IMPORTANT !!! If, within the period established by law, which is equal to six months, the property is not accepted, then the law will regard this as a refusal and it will become the property of the bank.
Mandatory heirs
When drawing up a will, the testator must take into account the interests of the obligatory heirs. They are entitled to at least ½ of the property, which is usually claimed by the heirs by law (Article 1149 of the Civil Code of the Russian Federation).
When opening an inheritance case, the notary must check the composition of the heirs and identify the obligatory applicants. The part of the property assigned to him is separated from the untested property. If the testator has written off all the property, then the share of the heirs under the will is subject to reduction.
Refusal to award a share to obligatory heirs is permitted in exceptional cases. The main claimants to the property can initiate legal proceedings.
A mortgaged apartment is a dubious inheritance. Together with a share in the object, the citizen inherits credit obligations. Therefore, a compulsory heir can formalize a refusal to enter into an inheritance.
Payment by insurance
Insurance payments in the event of the death of the owner of the mortgaged home pay off the remaining amount, that is, the insurance company assumes the obligation to pay off the remaining mortgage amount and additional compensation in the amount of 10%.
But not everything is so simple; when signing an insurance contract, a large list of situations is indicated that are not covered by insurance, that is, that are not subject to payment if they arise:
- radiation;
- deprivation of life by suicide, etc.
As a rule, payments are made if a citizen dies from illness or accident. In most of these cases, insurers try to find evidence of death due to chronic diseases that were hidden at the time the agreement was signed. You should always carefully study the agreement and you can always contact lawyers, and then go to court.
Inheritance of mortgaged property is a procedure that imposes obligations on the heir to repay the remaining amount, but do not be alarmed since in most cases the bulk of the debt has already been repaid by the deceased testator. As a rule, banks cooperate and make a number of concessions in relation to the heirs, thereby facilitating the repayment of the mortgage loan.
List of documents
To draw up a testamentary agreement, the testator needs to prepare the following papers:
- identification;
- list of heirs;
- receipt for payment of tax contribution.
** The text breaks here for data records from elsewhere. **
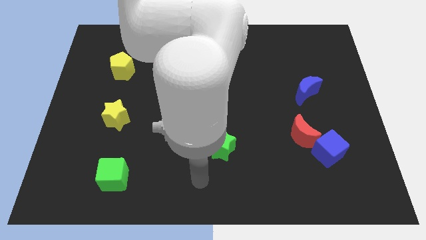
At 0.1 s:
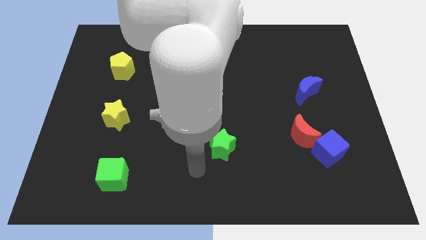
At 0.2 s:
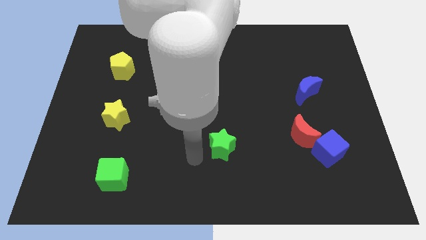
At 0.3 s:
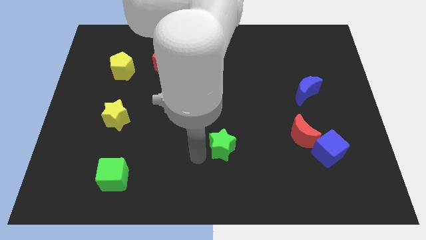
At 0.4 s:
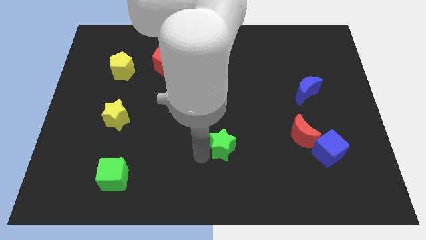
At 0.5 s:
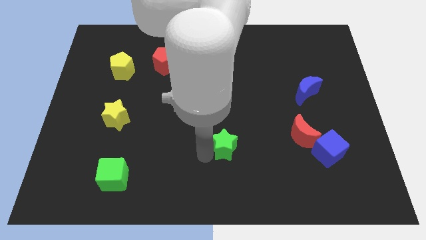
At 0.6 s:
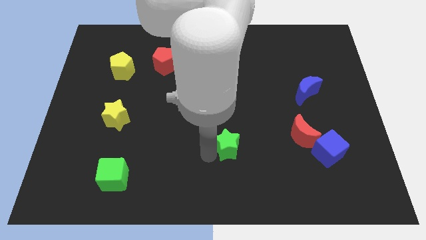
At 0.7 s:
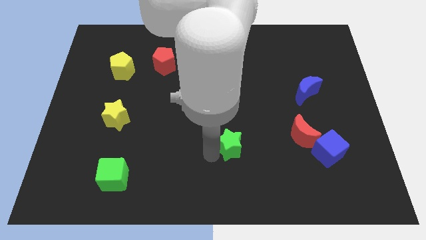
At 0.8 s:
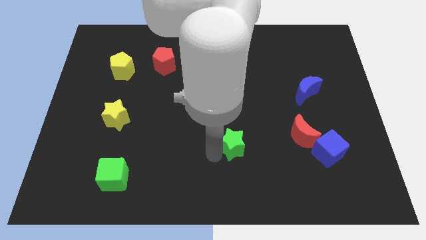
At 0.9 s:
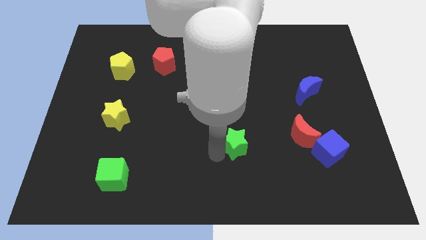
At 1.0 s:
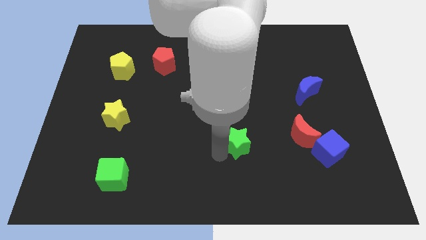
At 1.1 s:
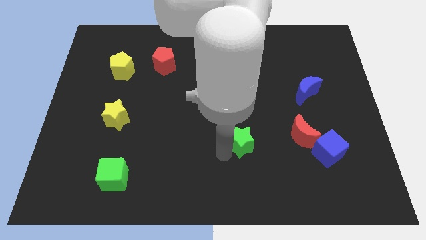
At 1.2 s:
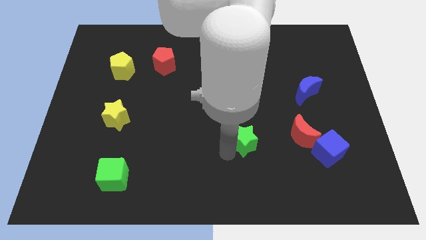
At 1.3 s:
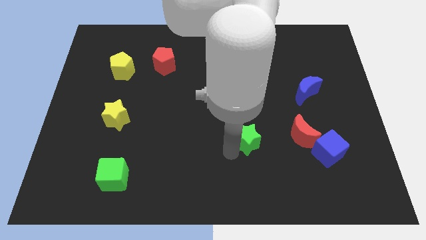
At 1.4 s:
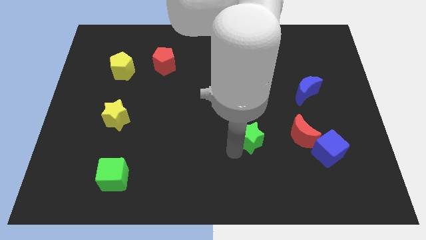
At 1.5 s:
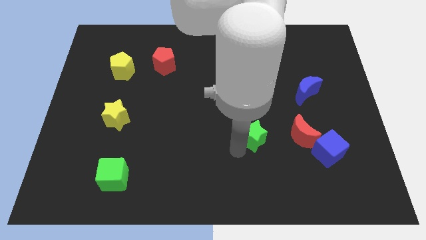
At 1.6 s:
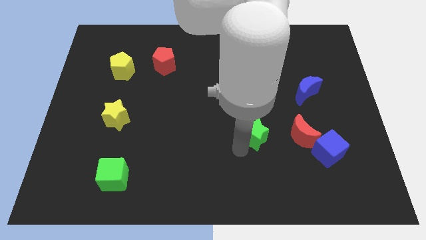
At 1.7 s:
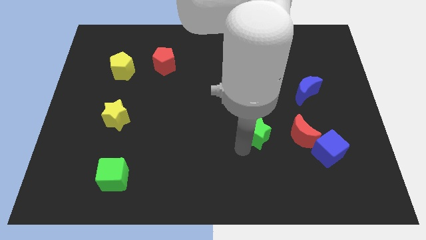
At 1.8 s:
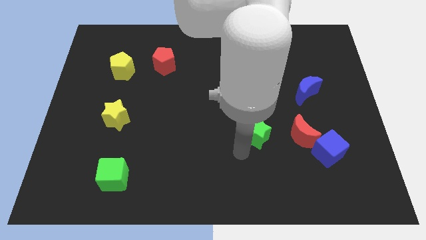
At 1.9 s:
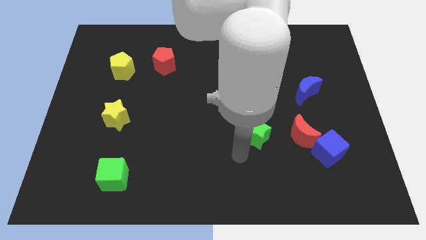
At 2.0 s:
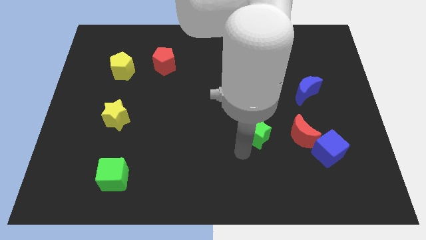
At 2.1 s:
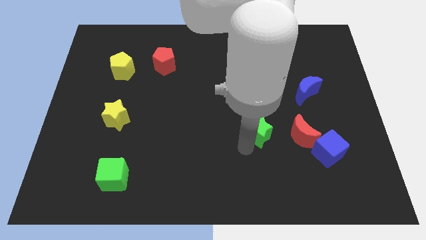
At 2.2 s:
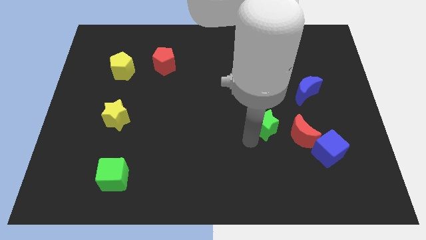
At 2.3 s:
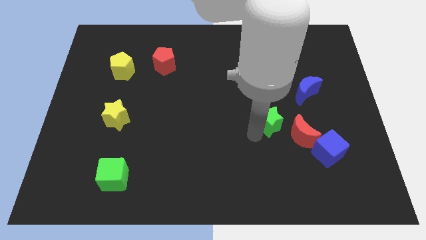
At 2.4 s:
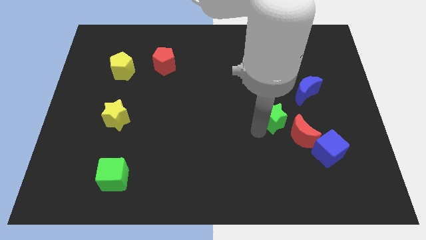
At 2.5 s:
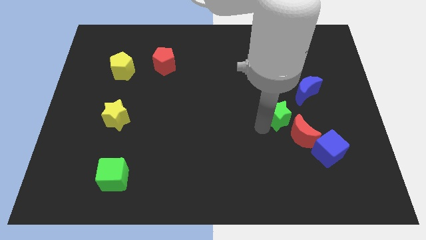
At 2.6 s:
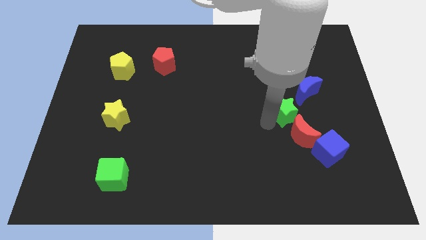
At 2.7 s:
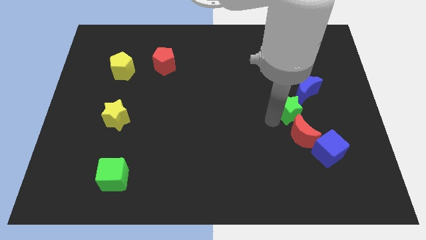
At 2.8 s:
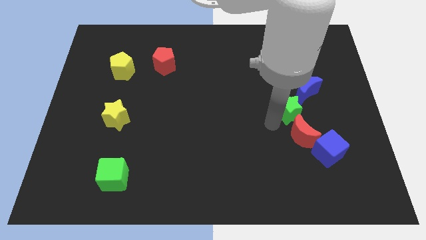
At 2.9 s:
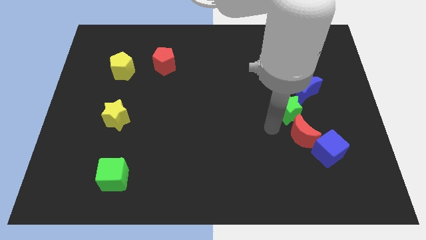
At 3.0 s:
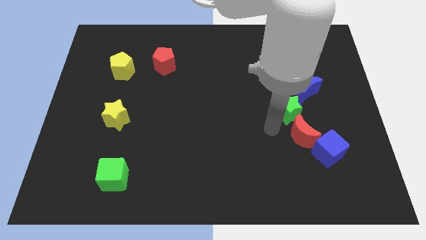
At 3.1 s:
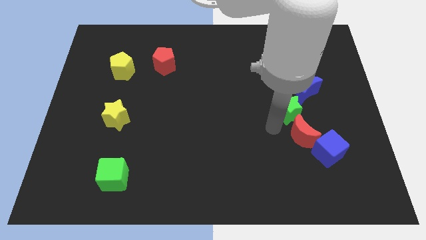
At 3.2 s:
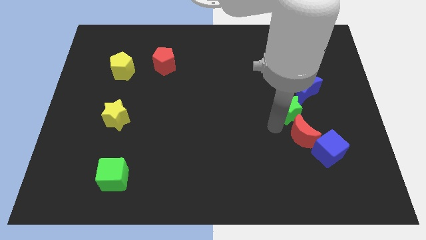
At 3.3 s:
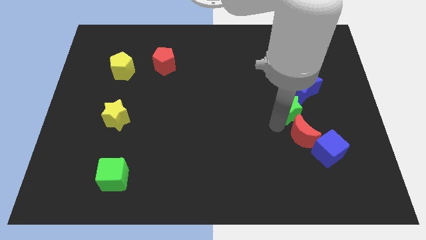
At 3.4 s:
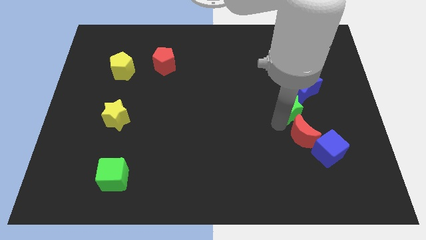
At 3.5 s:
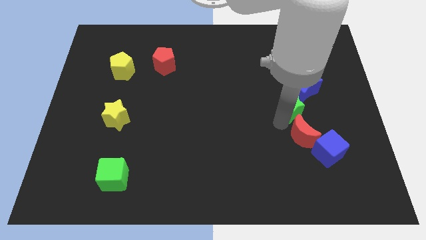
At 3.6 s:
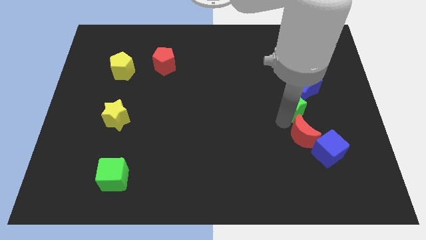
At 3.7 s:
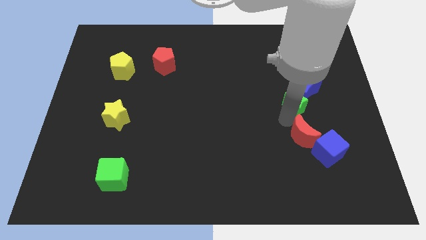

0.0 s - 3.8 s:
put the green star close to the blue moon

An additional list of documentation is sometimes required to be provided by a notary. Often you need to collect the following documents:
- copies of Russian passports of heirs for correct registration of data;
- title documents for the property property.
Such a requirement can be easily justified. The fact is that mistakes made when drawing up a testamentary agreement may be the reason for refusing to issue a certificate to the heir, or for challenging the will.